100 millions de graines
Cette propension à la démesure se retrouve dans les œuvres de Ai Wewei. Son installation de 2007 avec 1 001 chaises anciennes29″ (Fairytale Chairs) versait déjà dans le monumental. La même année, il délaisse la pop chinoise pour s’attaquer au monument à la Troisième-Internationale de Vladimir Tatline, comme symbole des utopies passées, « mais jamais réalisées30». L’œuvre est imposante dans tous les sens du terme (Fountain of Light). Les 42 bicyclettes de 2003 (Forever) sont devenues 1 200 en 2011, aussi rutilantes que parfaitement alignées les unes sur les autres, les unes à côté des autres, saturant l’espace31. Trois ans plus tard, il réutilise l’assemblage de bicyclettes pour un lustre colossal (Stacked, 2014). Mais c’est avec Sunflowers Seeds, en 2010, que le gigantisme acquiert définitivement sa valeur architectonique. Conçue à Londres pour le Turbine Hall de la Tate Modern – temple absolu de la démesure artistique – l’installation est composée de dix tonnes de graines de tournesol en porcelaine, soit 100 millions de graines. Ai Weiwei fait ici référence à une métaphore de Mao Zedong qui demande au peuple de se tourner vers lui « comme les tournesols vers le soleil ». Le projet est en grande partie financé par le géant de l’agro-alimentaire Unilever. Les graines sont produites pendant plus d’un an par 1 600 ouvriers dans les ateliers de Jingdezhen (province de Jiangxi), ville réputée pour la qualité de la céramique, mais touchée alors par une crise de développement industriel.

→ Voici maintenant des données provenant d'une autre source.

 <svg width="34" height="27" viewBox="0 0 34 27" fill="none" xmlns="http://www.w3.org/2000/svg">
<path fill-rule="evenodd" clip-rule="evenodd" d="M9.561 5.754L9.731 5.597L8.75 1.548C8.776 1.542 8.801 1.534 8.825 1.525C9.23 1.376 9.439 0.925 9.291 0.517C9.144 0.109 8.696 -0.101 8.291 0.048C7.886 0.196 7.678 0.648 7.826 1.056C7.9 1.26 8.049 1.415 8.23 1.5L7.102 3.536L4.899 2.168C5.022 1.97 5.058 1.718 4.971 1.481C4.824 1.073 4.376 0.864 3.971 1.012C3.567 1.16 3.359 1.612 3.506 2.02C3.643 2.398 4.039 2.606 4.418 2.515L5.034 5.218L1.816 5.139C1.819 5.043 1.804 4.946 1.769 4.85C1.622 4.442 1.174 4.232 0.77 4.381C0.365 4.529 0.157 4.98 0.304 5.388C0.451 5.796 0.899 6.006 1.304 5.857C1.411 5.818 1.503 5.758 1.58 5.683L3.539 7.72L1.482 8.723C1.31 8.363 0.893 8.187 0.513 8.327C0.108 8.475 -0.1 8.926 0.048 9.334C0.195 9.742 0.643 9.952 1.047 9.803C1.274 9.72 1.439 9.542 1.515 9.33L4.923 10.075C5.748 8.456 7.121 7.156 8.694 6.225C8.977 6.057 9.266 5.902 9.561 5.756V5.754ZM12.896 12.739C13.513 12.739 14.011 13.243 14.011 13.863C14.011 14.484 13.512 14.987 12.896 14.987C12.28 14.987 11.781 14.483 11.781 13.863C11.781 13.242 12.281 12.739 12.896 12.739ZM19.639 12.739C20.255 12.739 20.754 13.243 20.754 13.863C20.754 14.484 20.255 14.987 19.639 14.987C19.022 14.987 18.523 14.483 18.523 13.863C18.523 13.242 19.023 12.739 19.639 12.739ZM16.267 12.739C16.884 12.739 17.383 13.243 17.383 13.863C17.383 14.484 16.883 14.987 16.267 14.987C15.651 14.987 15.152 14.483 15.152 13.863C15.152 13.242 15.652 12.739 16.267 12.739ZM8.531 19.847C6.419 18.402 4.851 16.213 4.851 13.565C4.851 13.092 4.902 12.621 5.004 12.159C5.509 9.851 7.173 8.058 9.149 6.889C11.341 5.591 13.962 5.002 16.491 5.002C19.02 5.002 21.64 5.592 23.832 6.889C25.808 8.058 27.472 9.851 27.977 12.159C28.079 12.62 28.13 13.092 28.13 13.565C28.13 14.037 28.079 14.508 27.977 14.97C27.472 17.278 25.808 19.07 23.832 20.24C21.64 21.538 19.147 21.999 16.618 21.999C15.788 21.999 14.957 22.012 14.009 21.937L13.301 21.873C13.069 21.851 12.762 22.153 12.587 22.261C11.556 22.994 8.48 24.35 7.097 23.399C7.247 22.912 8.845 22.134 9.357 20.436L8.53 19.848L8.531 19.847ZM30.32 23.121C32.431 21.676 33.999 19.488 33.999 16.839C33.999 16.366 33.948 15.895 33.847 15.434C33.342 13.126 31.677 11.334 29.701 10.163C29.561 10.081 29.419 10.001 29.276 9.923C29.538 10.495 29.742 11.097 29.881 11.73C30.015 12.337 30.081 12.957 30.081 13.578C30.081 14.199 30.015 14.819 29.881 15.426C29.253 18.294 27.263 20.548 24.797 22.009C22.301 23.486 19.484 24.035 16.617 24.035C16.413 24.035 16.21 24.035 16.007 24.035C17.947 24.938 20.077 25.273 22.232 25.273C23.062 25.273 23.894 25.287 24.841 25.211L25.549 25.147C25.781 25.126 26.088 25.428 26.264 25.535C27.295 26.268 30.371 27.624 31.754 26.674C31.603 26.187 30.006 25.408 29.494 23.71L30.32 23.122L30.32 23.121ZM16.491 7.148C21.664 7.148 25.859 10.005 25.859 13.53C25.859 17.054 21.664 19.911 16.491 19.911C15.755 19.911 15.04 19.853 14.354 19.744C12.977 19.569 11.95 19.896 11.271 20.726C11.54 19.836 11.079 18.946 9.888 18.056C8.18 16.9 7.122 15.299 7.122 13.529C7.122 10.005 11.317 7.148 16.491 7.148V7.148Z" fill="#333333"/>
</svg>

On parle à l’époque d’un acte de « solidarité empathique » pour « la survie économique d’une activité manuelle sur le déclin ». Trois ans plus tard, Ai Weiwei déclare pourtant au journaliste Pierre Haski pour Rue 89 : « La Chine n’a su se développer que parce qu’elle a pu bénéficier des résultats de la civilisation occidentale. Elle a copié, elle est devenue un pays de main-d’œuvre bon marché, pour faire des produits que l’Occident ne veut plus faire car c’est mauvais pour l’environnement ou que cela coûte très cher. L’Occident vit aujourd’hui de la tragédie chinoise, si la Chine n’en est pas consciente, elle est stupide ! ».
Rapide et viral
Aussitôt sorti de détention, Ai Weiwei accélère sa présence sur les réseaux non plus via son blog mais sur Twitter, en détournant les procédés techniques de la censure notamment au moyen des VPN (réseaux virtuels privés). L’information est instantanée et encore plus virale. Les textes limités à 140 signes sont forcément plus sibyllins32. Ai Weiwei n’a plus le temps de mener des enquêtes approfondies ; il donne des avis un peu sur tout et se pose en héraut de la liberté d’expression, prenant par exemple fait et cause en faveur du Printemps arabe. Cette campagne quotidienne (une centaine de tweets par jour et près de 75 000 « suiveurs » quotidiens en 2012) s’accompagne de la diffusion massive de photographies. « Je ne m’intéresse pas tellement à la photographie et je ne me soucie pas vraiment des sujets de mes photos33. » « Il se contente d’en faire beaucoup », ajoute Carol Yinghua Lu dans un article consacré au sujet34. Ai Weiwei va encore plus loin : « La photographie est un médium trompeur et dangereux […]. Elle ne peut ni enregistrer, ni exprimer la réalité. Elle évacue l’authenticité de la réalité qu’elle représente et ne fait qu’éloigner encore plus de nous cette réalité35. » Cette prise de position tranchée est un comble au vu de l’usage massif qu’il fait de la photographie non seulement dans son activité militante sur le web, mais aussi dans sa production artistique, allant même jusqu’à accepter que quatre institutions organisent entre 2011 et 2012 une rétrospective de ses œuvres photographiques. Comme l’a souligné le journaliste Jed Perl dans un article daté de février 201336, ces expositions avaient le mérite de montrer à quel point ses photographies sont dénuées de tout intérêt esthétique, si ce n’est de produire des messages qui peuvent tout à fait se résumer par un tweet37.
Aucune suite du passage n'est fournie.